A troglodyte of a team owner got his comeuppance this week for making incredibly stupid comments about race. But let's be clear.
Racism isn't widespread among sports team owners.
Exhibit A: The $8 billion charged by the Dodgers for broadcast rights to their games knowing full well that pay-TV companies would have to pass along this sky-high cost to all customers.
Time Warner Cable is the Dodgers' partner in crime. It paid that whopping sum for exclusive rights to distribute the Dodgers channel to other pay-TV companies, assuming, like the team, that it would get away with sticking both fans and non-fans with an extra $4 to $5 fee every month.
That's an extra $48 to $60 per year from practically everybody in Southern California (not me, though, I don't have cable), whether they watch the Dodgers or not. And baseball is a pretty boring sport to watch on TV, at least until the games matter in October. When I was a kid, Dodger games were a pleasant thing to have Vin Scully on the radio while you were outside doing chores or whatever, but sitting in the dark watching seems ...
... This is why DirecTV, Dish, Verizon and AT&T have balked at adding $4 to $5 to people's bills for a Dodgers channel.
So, as I mentioned earlier in the week, 70% of Southern California Dodger fans who have cable TV haven't been able to see the first month of the Dodger's season. The local cable companies are worried that raising their fees will drive their fans who don't like sports to start cutting the cable and turn to Netflix-like alternatives for movies and shows. I don't have cable, but the only sports I feel like I really want to watch are the Olympics, the Masters, the U.S. Open, maybe the British Open if I get up early enough, a few baseball playoff games, and maybe some college football. Most of that's available on broadcast.
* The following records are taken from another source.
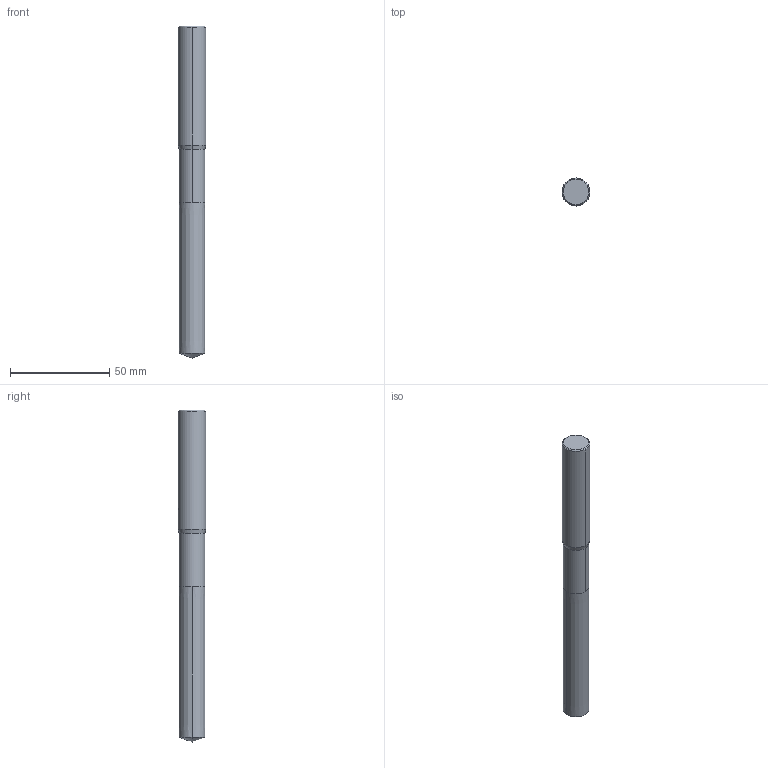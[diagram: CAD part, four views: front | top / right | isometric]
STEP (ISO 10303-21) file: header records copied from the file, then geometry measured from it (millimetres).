
FILE_DESCRIPTION(('no description'),'unknown implementation level');
FILE_NAME('solidNPHH_v2qu_kCG0OHRdxKU5lDSu4_1.STP',' ',('CIM GmbH Aachen'),('CADClick - KiM GmbH - www.kimweb.de'),'unknown preprocess','ACIS','unknown authorization');
FILE_SCHEMA(('automotive_design'));
Length unit declared in the file: millimetre
Products named in the file (2): 1; 2
Bounding box: 14 x 14 x 167 mm (x, y, z)
Volume: 23031 mm3; surface area: 7427.7 mm2
Topology: 2 solids, 2 shells, 30 faces, 71 edges, 43 vertices
Faces by surface type: cylinder 12, cone 10, plane 8
Entity records: 1955 total; most frequent: CARTESIAN_POINT 427, DIRECTION 147, STYLED_ITEM 144, PRESENTATION_STYLE_ASSIGNMENT 144, COLOUR_RGB 144, ORIENTED_EDGE 138, EDGE_CURVE 69, CURVE_STYLE 69

The cable companies are worried about pushing more people to follow me.
Clippers owner Donald Sterling is paying the price for being a narrow-minded jerk.
Why should the Dodgers' owners get a pass?
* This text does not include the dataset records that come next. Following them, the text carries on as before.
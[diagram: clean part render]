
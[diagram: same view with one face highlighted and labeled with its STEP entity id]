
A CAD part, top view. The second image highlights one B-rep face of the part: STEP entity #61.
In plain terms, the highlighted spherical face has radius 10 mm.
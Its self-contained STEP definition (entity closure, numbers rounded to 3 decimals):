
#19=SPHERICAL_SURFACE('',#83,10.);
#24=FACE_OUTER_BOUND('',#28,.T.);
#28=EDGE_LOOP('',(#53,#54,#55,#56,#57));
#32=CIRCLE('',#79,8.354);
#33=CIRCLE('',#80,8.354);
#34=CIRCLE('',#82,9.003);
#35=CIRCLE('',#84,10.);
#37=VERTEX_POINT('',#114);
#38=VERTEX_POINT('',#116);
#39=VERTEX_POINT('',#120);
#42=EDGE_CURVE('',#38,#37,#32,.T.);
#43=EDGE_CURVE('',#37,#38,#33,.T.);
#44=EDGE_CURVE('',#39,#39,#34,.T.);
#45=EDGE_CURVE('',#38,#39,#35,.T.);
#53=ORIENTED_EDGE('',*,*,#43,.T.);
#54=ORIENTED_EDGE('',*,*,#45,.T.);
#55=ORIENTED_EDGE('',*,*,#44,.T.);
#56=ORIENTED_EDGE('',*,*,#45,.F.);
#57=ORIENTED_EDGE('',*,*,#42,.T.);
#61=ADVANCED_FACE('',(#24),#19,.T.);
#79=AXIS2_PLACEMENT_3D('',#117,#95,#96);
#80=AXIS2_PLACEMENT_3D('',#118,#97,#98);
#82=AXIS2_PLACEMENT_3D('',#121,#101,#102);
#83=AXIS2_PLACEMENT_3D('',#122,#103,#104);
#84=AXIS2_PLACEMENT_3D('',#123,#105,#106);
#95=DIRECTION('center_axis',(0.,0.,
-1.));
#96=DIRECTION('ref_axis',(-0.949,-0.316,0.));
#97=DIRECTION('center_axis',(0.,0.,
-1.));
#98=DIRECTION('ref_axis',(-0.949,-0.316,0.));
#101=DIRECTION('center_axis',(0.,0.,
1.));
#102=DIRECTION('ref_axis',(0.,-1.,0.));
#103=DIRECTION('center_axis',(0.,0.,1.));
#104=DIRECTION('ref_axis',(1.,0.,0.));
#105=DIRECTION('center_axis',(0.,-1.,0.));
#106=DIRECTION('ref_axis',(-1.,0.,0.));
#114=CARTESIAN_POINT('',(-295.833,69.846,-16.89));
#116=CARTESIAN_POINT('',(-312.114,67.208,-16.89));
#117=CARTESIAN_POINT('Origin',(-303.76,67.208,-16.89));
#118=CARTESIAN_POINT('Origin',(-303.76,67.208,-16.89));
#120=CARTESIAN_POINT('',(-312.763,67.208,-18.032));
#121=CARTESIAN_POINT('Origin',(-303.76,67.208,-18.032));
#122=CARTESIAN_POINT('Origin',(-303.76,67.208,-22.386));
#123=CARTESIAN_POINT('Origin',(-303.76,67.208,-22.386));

Of course, there's an irony here: the public face of the new Dodger ownership team that's stiffing its fans is that "ultimate cleanser in sports," Magic Johnson.
One reason the new Dodger ownership is stopping Dodger fans from seeing their team on TV in their game of chicken with the cable companies is because they overpaid so badly for the franchise in 2012. From the NYT in 2012:
PRIVATE EQUITY | DEALBOOK COLUMN
By ANDREW ROSS SORKIN APRIL 9, 2012, 8:59 PM 76 Comments
When the numbers don’t seem to add up, it’s worth asking some questions.
For the last two weeks, I’ve been puzzled by the announcement of a $2.15 billion deal to buy the Los Angeles Dodgers by Magic Johnson and a group of financiers.
Of course, Johnson got most of the attention. But his celebrity has obscured a drumbeat of questions about the businessmen behind this headline-grabbing sale, which doubled the record for the price tag of an American professional sports team, set by the Miami Dolphins when it was sold for $1.1 billion in 2009.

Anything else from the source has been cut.